• AVAILABLE DATA:
= = = =

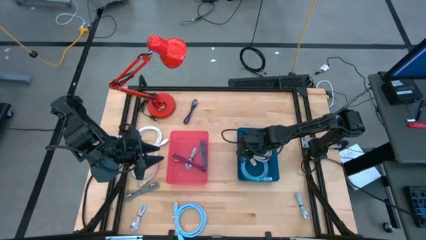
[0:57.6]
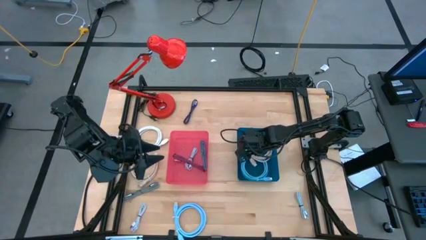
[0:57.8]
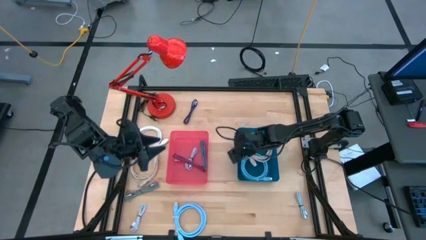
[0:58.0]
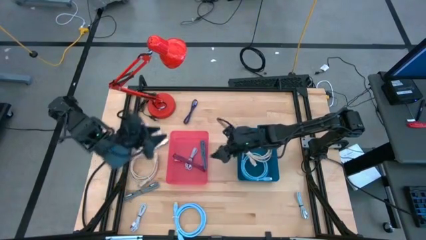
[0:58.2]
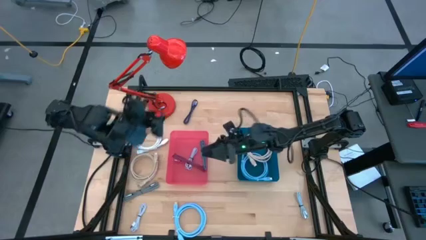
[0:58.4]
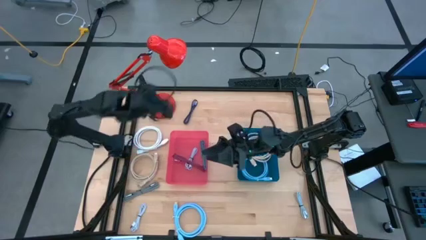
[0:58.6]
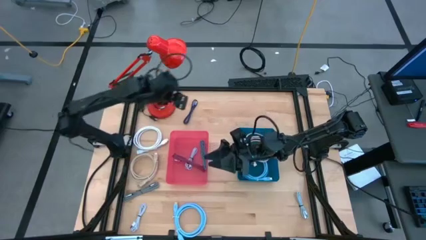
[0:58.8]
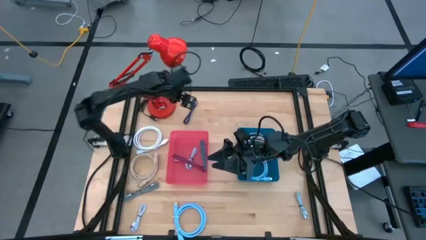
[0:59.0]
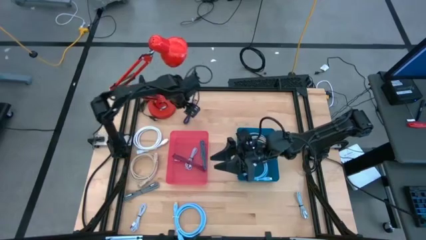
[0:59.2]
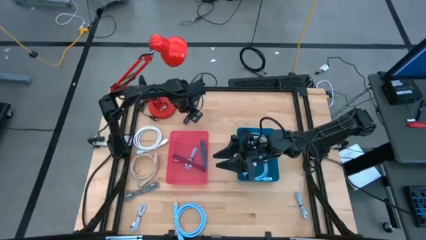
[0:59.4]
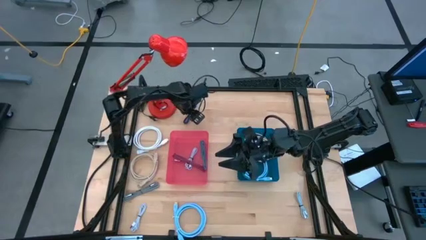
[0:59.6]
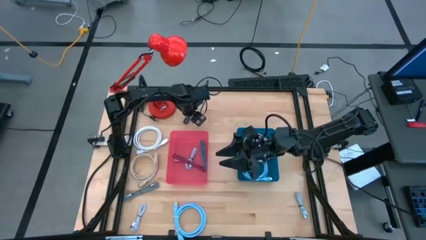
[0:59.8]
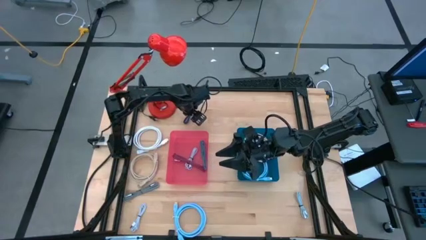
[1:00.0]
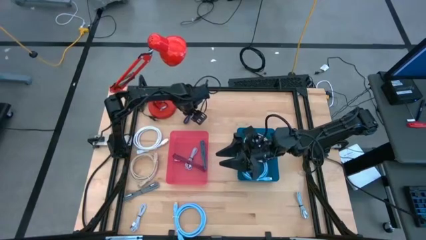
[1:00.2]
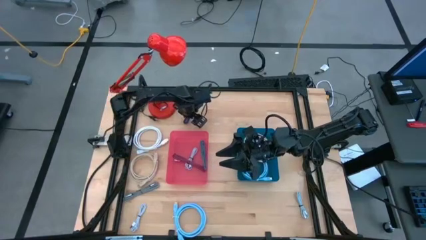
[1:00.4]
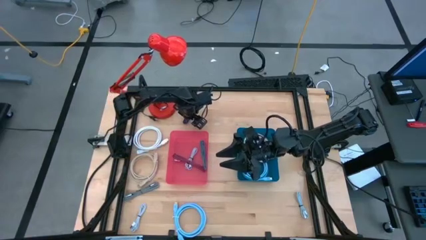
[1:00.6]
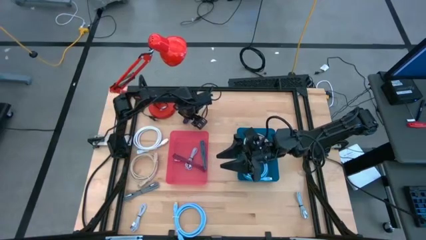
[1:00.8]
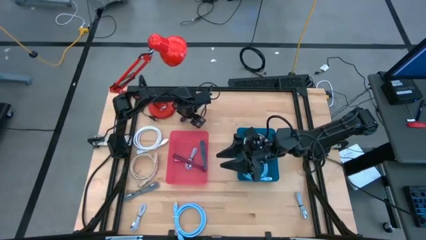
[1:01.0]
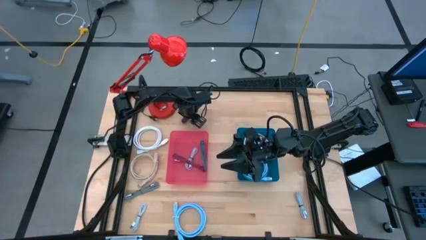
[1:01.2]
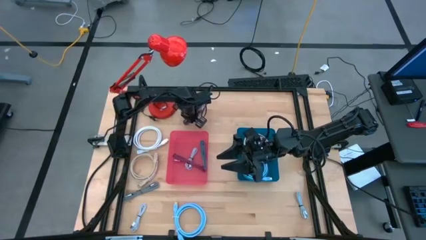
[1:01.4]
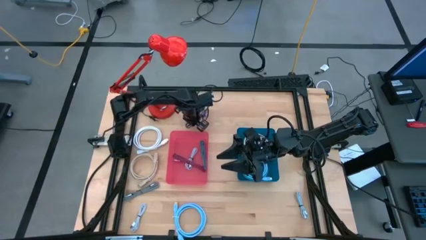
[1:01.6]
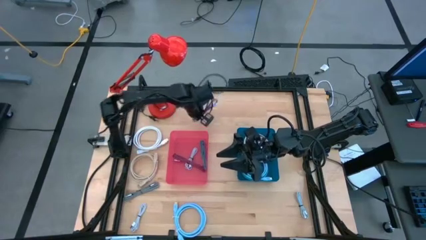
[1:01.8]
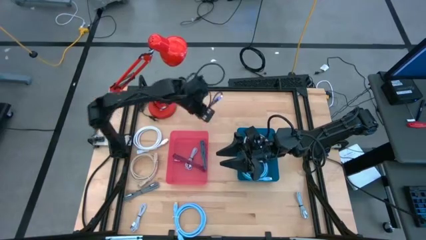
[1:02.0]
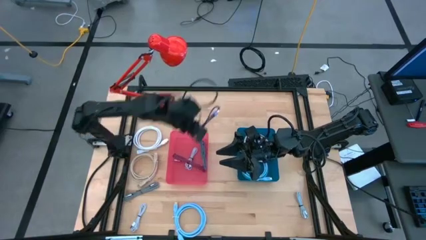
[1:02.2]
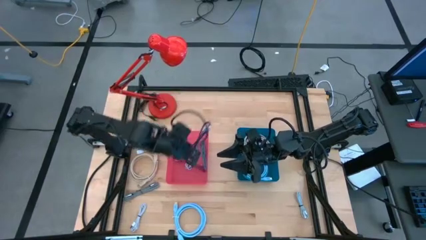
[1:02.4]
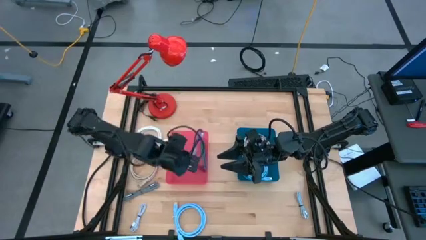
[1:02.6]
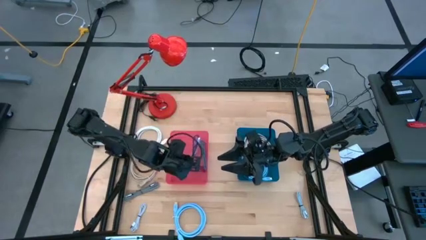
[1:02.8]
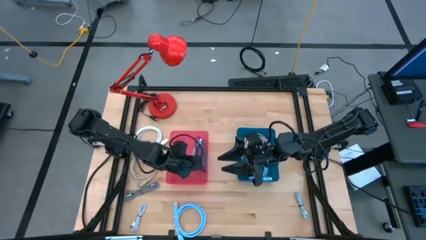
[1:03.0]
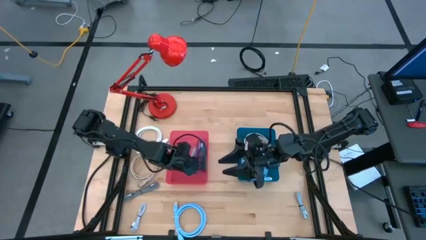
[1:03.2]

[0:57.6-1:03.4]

= = = =

• YOUR GOAL:
An exact repetition of the listing is needed, with the pictures dropped.

• TASK ANSWER:
[0:57.6]
[0:57.8]
[0:58.0]
[0:58.2]
[0:58.4]
[0:58.6]
[0:58.8]
[0:59.0]
[0:59.2]
[0:59.4]
[0:59.6]
[0:59.8]
[1:00.0]
[1:00.2]
[1:00.4]
[1:00.6]
[1:00.8]
[1:01.0]
[1:01.2]
[1:01.4]
[1:01.6]
[1:01.8]
[1:02.0]
[1:02.2]
[1:02.4]
[1:02.6]
[1:02.8]
[1:03.0]
[1:03.2]

[0:57.6-1:03.4]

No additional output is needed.